В порыве озарения Челивис заорал:
– «Горлодеры» с обыском!
Спрыгнул со стола и ринулся к двери. Болят плечи, ребра, голова – однако ноги, хвала Безликим, целы и бегут.
А за спиной нарастал шум. «Горлодеры», они же стражники, любовью у фатимирцев не пользовались.
– А ежели с обыском, то бляху покажь!
– А ну, с дороги, клопы трактирные!
– Ты еще пихаться, «горлодер» драный?! Парни, суй его в бочку башкой! Суй, не бойся, он без бляхи! Не написано на нем, что из стражи!..
– Дабунш, ломи их по чем попало!
– Так ты драться, мать твою каленой кочергой?..
Под этот бодрый хор Челивис вылетел за дверь, скатился с крыльца… эх, до калитки далеко, а Клешня уже пробился на крыльцо, бросив своего дружка на расправу пьяным фатимирцам.
– Стой, ублюдок! На ломти нашинкую!
Ну, кто ж так останавливает беглецов? От этого обещания у Челивиса словно выросли крылья. Что там, у забора? Поленница? На поленницу, да так резво, что сидевший на заборе кот восхищенно мявкнул!
Клешня сунулся к поленнице… это он зря! Сверху в него полетел град увесистых поленьев.
Может, Клешня и был грозным разбойником, но городские озверевшие дрова оказались куда опаснее мирных лесных сучьев. Удачное попадание поленом в голову – и грабитель пошатнулся, опустился на колени…

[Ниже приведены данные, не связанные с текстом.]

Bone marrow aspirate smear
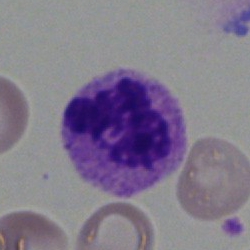

The cell shown is a neutrophil (segmented).
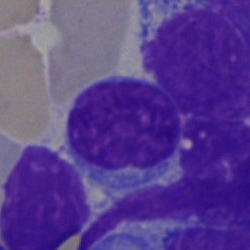 The cell shown is a typical lymphocyte.
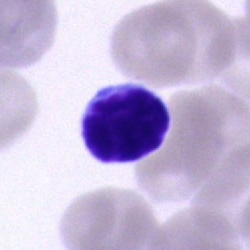

Specimen: bone marrow smear.
Morphological class: lymphocyte.
Lineage: lymphoid.
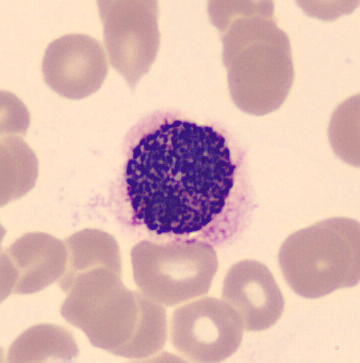

Peripheral blood film.
Identified as a basophil.
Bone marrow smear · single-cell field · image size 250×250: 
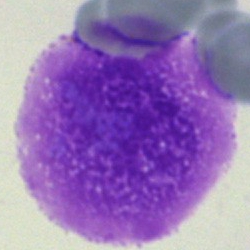This is an artifact.
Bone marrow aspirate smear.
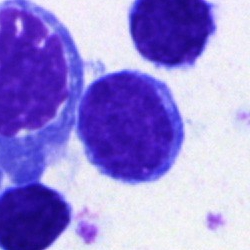
Cell type: typical lymphocyte.
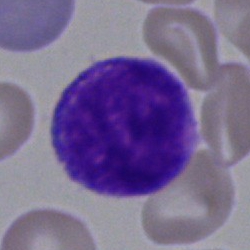
Specimen: bone marrow smear.
Cell: blast cell.
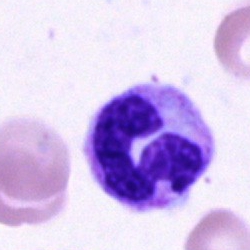

Single cell identified as a segmented neutrophil.
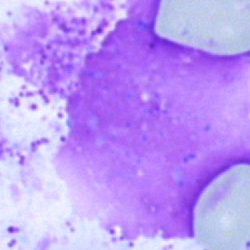Impression → artefact.
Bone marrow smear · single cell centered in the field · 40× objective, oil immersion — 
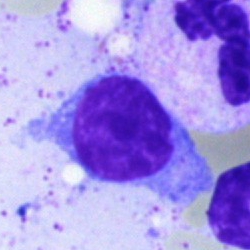Single cell identified as a typical lymphocyte.
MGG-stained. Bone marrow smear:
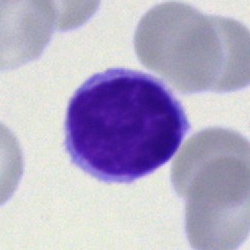

A lymphocyte.
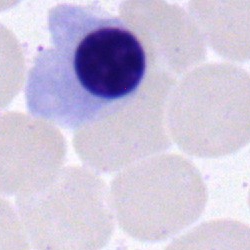Bone marrow smear showing a nucleated red cell.
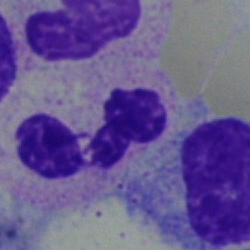 Specimen: bone marrow smear.
Cell: segmented neutrophil.
Lineage: myeloid.

Челивис не стал любоваться этим зрелищем, а перебрался с поленницы на забор, спрыгнул на ту сторону – и ходу, ходу, пугая редких прохожих…
* * *
Челивис усмехнулся, отошел от окна, сел на кровать, накрытую стеганым одеялом.
Сейчас вспомнить, так даже смешно. А тогда было не до смеха. И когда прятался до утра по городским закоулкам. И когда выбирался из города, зная, что у всех ворот его нехорошо ждут.
Ничего. Вывернулся. А в голенища сапог было заранее зашито по золотой монете: кто же знает заранее, когда судьба захочет дать пинка…
Пинок ждал уже в Джангаше: столичные родичи успели заполучить наследство, а Челивиса и на порог не пустили.
И опять завертела-закружила дорога: город за городом, трактир за трактиром, и везде грохот костяшек в коробках, и везде чужие рожи, и везде монеты, которые не держатся в кармане… Завилась дорога в кольцо, снова привела в Джангаш… и вот тут-то лиса-удача показала игроку свои крепкие белые зубы.
На улице, рожей к роже, столкнулся он с громилой Дабуншем. И счастливый разбойник сообщил недобитому шулеру, что до сих пор хранит обломки той «слоеной» коробки – чтобы при встрече заколотить их Челивису в задницу.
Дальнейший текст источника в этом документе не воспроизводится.